引きこもりだったささみさんが、ささみさんを大好きなお兄ちゃんと邪神三姉妹に支えられながら、引きこもりを止めてがんばろうとするシリーズの第二弾。今回は、初めてのお使いと初めての友達、そしてお母さんとの確執が描かれるお話しです。

ささみさんがんばったよ!
初めてのお使い模様を周囲の人が観察するささみ・ウォッチ・プロジェクトは、とてもグダグダだなあと思ってたら、シリアス展開でびっくりした。「最高神のちから」を狙う人たちによって、大変な目にあったけれど、人間として生きようとするささみさんの姿勢と、それに共感する人たちの行動が素晴らしかった。見守る立場にいるつるぎの想いがいいですよね。

今回一番印象的だったのは、お友達作りの話でした。身近にいる人からという理由で、かがみと友達になり、でも思ったようにいかず、悶々として、さらには、へたれて逃げるようなこともあったけれど、やっぱり友達でいたい。そんな思いから、不安を振り払って、相手を追いかけていく勇気に、ささみさんの成長を感じました。力があるからこその不安も吹き飛ばす思いっていいですね。

そして最後、お母さんとの話は……きつかったなあ。
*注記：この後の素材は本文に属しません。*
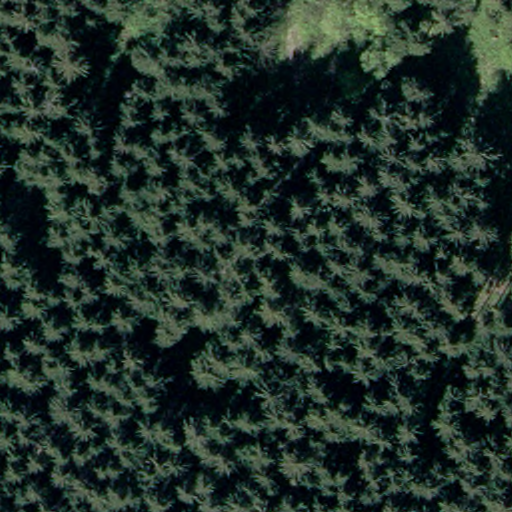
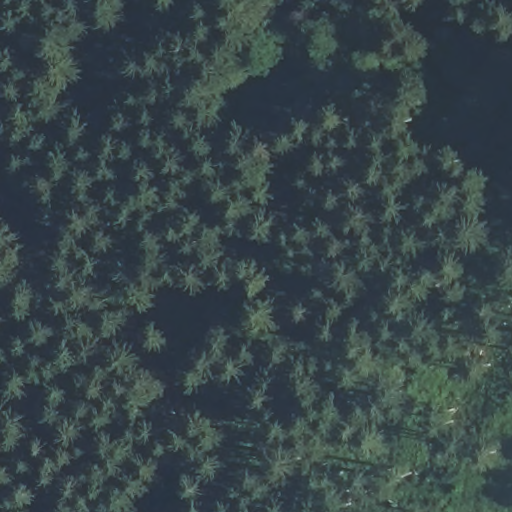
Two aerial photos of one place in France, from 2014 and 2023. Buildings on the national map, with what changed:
unchanged [(281,25),(276,26),(278,56),(265,58),(259,0),(279,0),(281,25)]

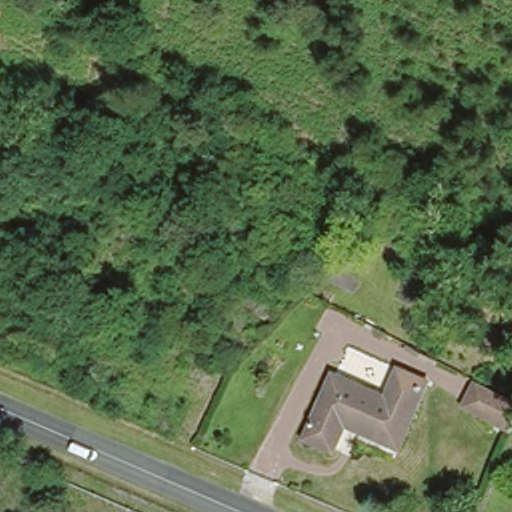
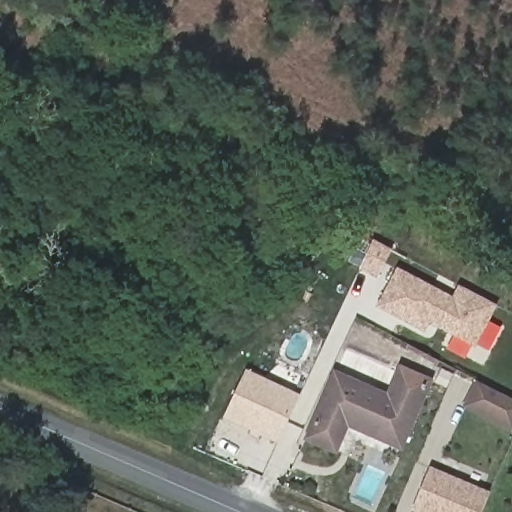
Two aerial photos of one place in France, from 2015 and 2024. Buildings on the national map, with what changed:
new [(365,270),(378,243),(396,252),(383,280),(365,270)]
new [(478,348),(433,324),(427,333),(383,309),(402,273),(457,303),(465,290),(500,309),(478,348)]
unchanged [(392,399),(403,368),(426,377),(401,444),(350,424),(339,452),(316,443),(337,379),(392,399)]
new [(281,444),(227,419),(247,374),(301,399),(281,444)]
unchanged [(512,397),(512,429),(467,405),(479,380),(512,397)]
new [(415,512),(431,473),(491,496),(485,512),(415,512)]

背負ったものの重さはわかるけれど、それを強制しようとすると、こんなにもすれ違うのか。楽しいひとときや、母が好きという気持ちや、思い出が素敵だから、とても辛かった。

壊れそうになったとき、助けに来てくれたのは、大好きなお兄ちゃんで、頼りになったのは、三姉妹で。嬉しかったと思う。でも、やっぱり心にしこりは残るよ。最後に届けられた宅急便に思わず涙。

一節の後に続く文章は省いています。